1. Open Data Hub Architecture¶
The architecture of the Open Data Hub is depicted in Figure 1.1, which shows its composing elements together with its main goal: To gather data from Data Sources and make them available to Data Consumers, which are usually third-party applications that use those data in any way that they deem useful, including (but not limited to) study the evolution of historical data, or carry out data analysis to produce Statistical Graphics.
At the core of the Open Data Hub lays bdp-core, a java application which contains all the business logic and handles all the connections with the underling database using the DAL. The Open Data Hub Core is composed by different modules: A Writer, that receives data from the Data Sources and stores them in the Database using the DAL and a Reader that extracts data form the databases and exposes them to Data Consumers using APIs on REST endpoints.
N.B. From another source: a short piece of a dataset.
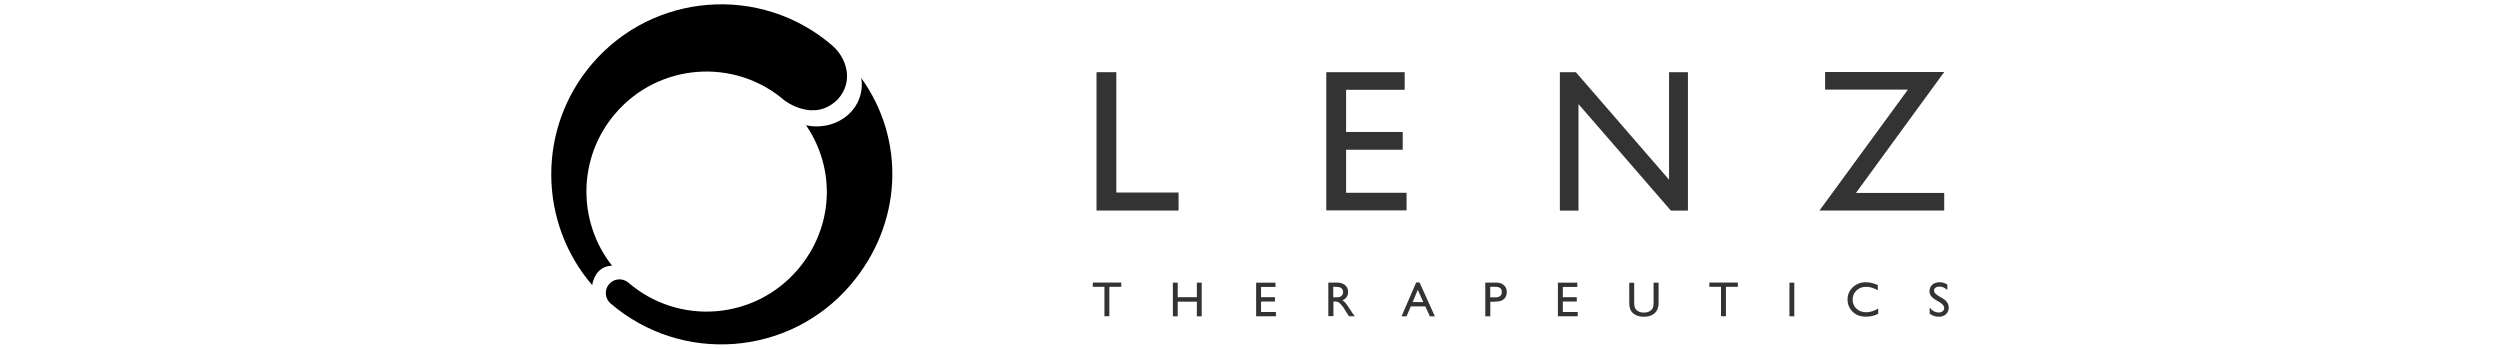 <?xml version="1.0" encoding="UTF-8"?><svg id="Layer_1" xmlns="http://www.w3.org/2000/svg" viewBox="0 0 294 41"><defs><style>.cls-1,.cls-2{stroke-width:0px;}.cls-2{fill:#333;}</style></defs><path class="cls-1" d="m101.27,9.13c.28,1.46-.19,3.3-1.73,4.53s-3.44,1.38-4.75,1.07c3.53,5.15,3.27,12.03-.99,16.99-5.08,5.92-13.99,6.6-19.9,1.52h0c-.68-.58-1.69-.5-2.27.17s-.5,1.69.17,2.27h0c8.38,7.19,21.01,6.23,28.2-2.15,6.14-7.16,6.55-17.07,1.26-24.39Z"/><path class="cls-1" d="m98.54,11.66c1.89-2.09,1.04-4.85-.69-6.33-8.38-7.19-21.01-6.23-28.2,2.15-6.52,7.6-6.34,18.7,0,26.06.04-.49.35-1.22.69-1.57.49-.5.99-.7,1.64-.72-4.09-5.19-4.08-12.71.39-17.91,5.08-5.92,13.99-6.6,19.9-1.52,0,0,3.47,2.69,6.26-.15Z"/><path class="cls-2" d="m128.95,8.49h2.33v14.15h7.32v2.12h-9.65V8.49Z"/><path class="cls-2" d="m155.97,8.49h9.22v2.07h-6.89v4.96h6.66v2.09h-6.66v5.06h7.11v2.07h-9.44V8.49Z"/><path class="cls-2" d="m196.29,8.49h2.21v16.28h-2l-10.87-12.53v12.53h-2.19V8.49h1.88l10.96,12.64v-12.64Z"/><path class="cls-2" d="m214.63,8.47h14.01l-10.38,14.22h10.38v2.07h-14.67l10.4-14.22h-9.74v-2.07Z"/><path class="cls-2" d="m128.51,33.23h3.35v.5h-1.4v3.46h-.58v-3.46h-1.37v-.5Z"/><path class="cls-2" d="m140.75,33.24h.57v3.96h-.57v-1.72h-2.25v1.72h-.57v-3.96h.57v1.71h2.25v-1.71Z"/><path class="cls-2" d="m147.73,33.24h2.27v.5h-1.7v1.21h1.64v.51h-1.64v1.23h1.75v.5h-2.33v-3.95Z"/><path class="cls-2" d="m156.21,37.19v-3.96h1c.41,0,.73.1.97.3.24.2.36.47.36.8,0,.23-.06.43-.17.6-.12.17-.28.29-.5.38.13.08.25.2.38.34.12.14.29.39.52.75.14.22.25.39.34.51l.21.28h-.68l-.17-.26s-.02-.03-.03-.05l-.11-.16-.18-.29-.19-.31c-.12-.16-.23-.29-.33-.39s-.19-.17-.27-.21-.21-.06-.4-.06h-.15v1.72h-.57Zm.75-3.47h-.17v1.25h.22c.29,0,.49-.02.6-.07s.19-.12.25-.22c.06-.1.09-.21.09-.34s-.03-.24-.1-.34c-.07-.1-.16-.17-.28-.21-.12-.04-.32-.06-.6-.06Z"/><path class="cls-2" d="m166.54,33.22h.4l1.8,3.98h-.59l-.53-1.17h-1.71l-.5,1.17h-.59l1.72-3.98Zm.84,2.3l-.65-1.43-.6,1.43h1.25Z"/><path class="cls-2" d="m174.67,37.19v-3.96h1.27c.38,0,.69.1.92.31.23.2.34.48.34.82,0,.23-.06.43-.17.61s-.28.31-.48.39c-.2.08-.49.12-.87.12h-.42v1.72h-.58Zm1.17-3.46h-.59v1.24h.63c.23,0,.41-.05.54-.16.13-.11.19-.26.19-.47,0-.41-.25-.61-.76-.61Z"/><path class="cls-2" d="m183.22,33.24h2.27v.5h-1.7v1.21h1.64v.51h-1.64v1.23h1.75v.5h-2.33v-3.95Z"/><path class="cls-2" d="m194.47,33.24h.58v2.25c0,.3-.02.53-.07.69-.05.15-.1.28-.17.39-.07.1-.15.19-.24.28-.32.27-.73.4-1.25.4s-.94-.13-1.26-.4c-.1-.08-.18-.18-.24-.28-.07-.1-.12-.23-.16-.38-.04-.15-.06-.38-.06-.7v-2.24h.58v2.25c0,.37.04.63.13.78s.22.26.39.35c.18.09.38.13.62.13.34,0,.62-.09.83-.26.11-.09.19-.21.24-.33.05-.13.07-.35.07-.66v-2.25Z"/><path class="cls-2" d="m201.02,33.23h3.35v.5h-1.4v3.46h-.58v-3.46h-1.37v-.5Z"/><path class="cls-2" d="m210.44,33.24h.57v3.96h-.57v-3.96Z"/><path class="cls-2" d="m220.88,36.28v.62c-.42.23-.91.34-1.46.34-.45,0-.83-.09-1.14-.27s-.56-.42-.74-.73-.27-.65-.27-1.01c0-.58.21-1.06.62-1.45.42-.39.93-.59,1.54-.59.42,0,.89.11,1.4.33v.61c-.47-.26-.93-.4-1.37-.4s-.84.14-1.14.43c-.3.29-.45.64-.45,1.07s.15.79.45,1.07c.3.28.68.42,1.14.42s.96-.15,1.42-.44Z"/><path class="cls-2" d="m228.1,35.54l-.44-.26c-.27-.16-.47-.33-.58-.49-.12-.16-.17-.34-.17-.55,0-.31.11-.56.33-.76.22-.19.5-.29.85-.29s.64.09.92.28v.64c-.29-.27-.6-.41-.93-.41-.19,0-.34.04-.46.13-.12.09-.18.2-.18.33,0,.12.04.23.13.33.09.1.23.21.43.33l.44.26c.49.29.73.66.73,1.1,0,.32-.11.57-.32.77-.22.2-.49.3-.84.3-.4,0-.76-.12-1.08-.36v-.72c.31.39.67.58,1.08.58.18,0,.33-.05.45-.15.12-.1.18-.22.18-.37,0-.24-.18-.47-.53-.69Z"/></svg>

Communication with the Data Sources is guaranteed by the Data Collectors, which are Java applications built on top of the dc-interface that use a DTO for each different source to correctly import the data. Dual to the dc-interface, the ws-interface allows the export of DTOs to web services, that expose them to Data Consumers.
The bottom part of Figure 1.1 shows the Data Format used in the various steps of the data flow. Since the data are exposed in JSON, it is possible to develop applications in any language that uses them.
Records in the Data Sources can be stored in any format and are converted into JSON as DTOs. They are then transmitted to the Writer, who converts them and stores them in the Database using SQL. To expose data, the Reader queries the DB using SQL, transforms them in JSON’s DTOs to the Web Services who serve the JSON to the Data Consumers.
The Elements of the Open Data Hub in Details¶
As Figure 1.1 shows, the Open Data Hub is composed by a number of elements, described in the remainder of this section in the same order as they appear in the picture.
- Data Providers
A Data Provider is a person, company or public body that supplies to the Open Data Hub some data or dataset, which usually belongs to a single domain. Data are automatically picked up by sensors and stored under the responsibility of the Data Provider in some standard format, like for example CSV or JSON.
Since a data provider may decide at some point to not publish its data on the Open Data Hub anymore, or new data providers can join the Open Data Hub in the future, they are not an official part of the Open Data Hub. You can learn more on this, including the current list of data providers, in the dedicated section of the documentation.
A dataset is a collection of records that typically originate from one Data Provider, although, within the Open Data Hub, a dataset can be built from data gathered from multiple Data Providers. The underlying data format of a dataset never changes.
- Data Collector
Data collectors form a library of Java classes used to transform data gathered from Data Providers into a format that can be understood, used, and stored by the Open Data Hub Core. As a rule of thumb, one Data Collector is used for one Dataset and uses DTOs to transfer them to the Open Data Hub Core. They are usually created by extending the dc-interface in the bpd-core repository.
The Data Transfer Object are used to translate the data format used by the Data Providers, to a format that the Writer can understand and use to transfer the data in the Big Data infrastructure. The same DTO is later used by the Reader (see below) to present data. DTOs are written in JSON, and are composed of three Entities: Station, Data Type, and Record.
With the Writer, we enter in the Open Data Hub Core. The Writer’s purpose is to receive DTOs from the Data Collectors and store them into the DB and therefore implements all methods needed to read the DTO’s JSON format and to write to the database using SQL.
- ODH Core
The Open Data Hub Core lays at the very core of the Open Data Hub. Its main task is to keep the database updated, to be able to always serve up-to-date data. To do so, it relies on the Writer, to gather new or updated data from the data collectors and keeps a history of all data he ever received. It also relies on the Reader to expose data to the data consumers. Internal communication uses only SQL commands.
The Data Abstraction Layer is used by both the Writer and the Reader to access the Database and exchange DTOs and relies on Java Hibernate. It contains classes that map the content of a DTO to corresponding database tables.
- Database (DB)
The database represents the persistence layer and contains all the data sent by the Writer. Its configuration requires that two users be defined, one with full permissions granted -used by the writer, and one with read-only permissions, used by the Reader.
The reader is the last component of the Core. It uses the DAL to retrieve DTOs from the DB and to transmit them to the web services.
- Web Services
The Web Services, which extend the ws-interface in the Open Data Hub Core repository, receive data from the Reader and make them available to Data Consumers by exposing APIs and REST endpoints. They transform the DTO they get into JSON.
- Data Consumers
Data consumers are applications that use the JSON produced by web services and manipulates them to produce a useful output for the final user. As mentioned in the section Project Overview, application is intended in a broad sense: it can be a web site, a software application for any devices, a communication channel, or any means to use the data.
Also part of the architecture, but not pictured in the diagram, is the
persistence.xml file, which contains the credentials and
postgres configuration used by both the Reader and Writer.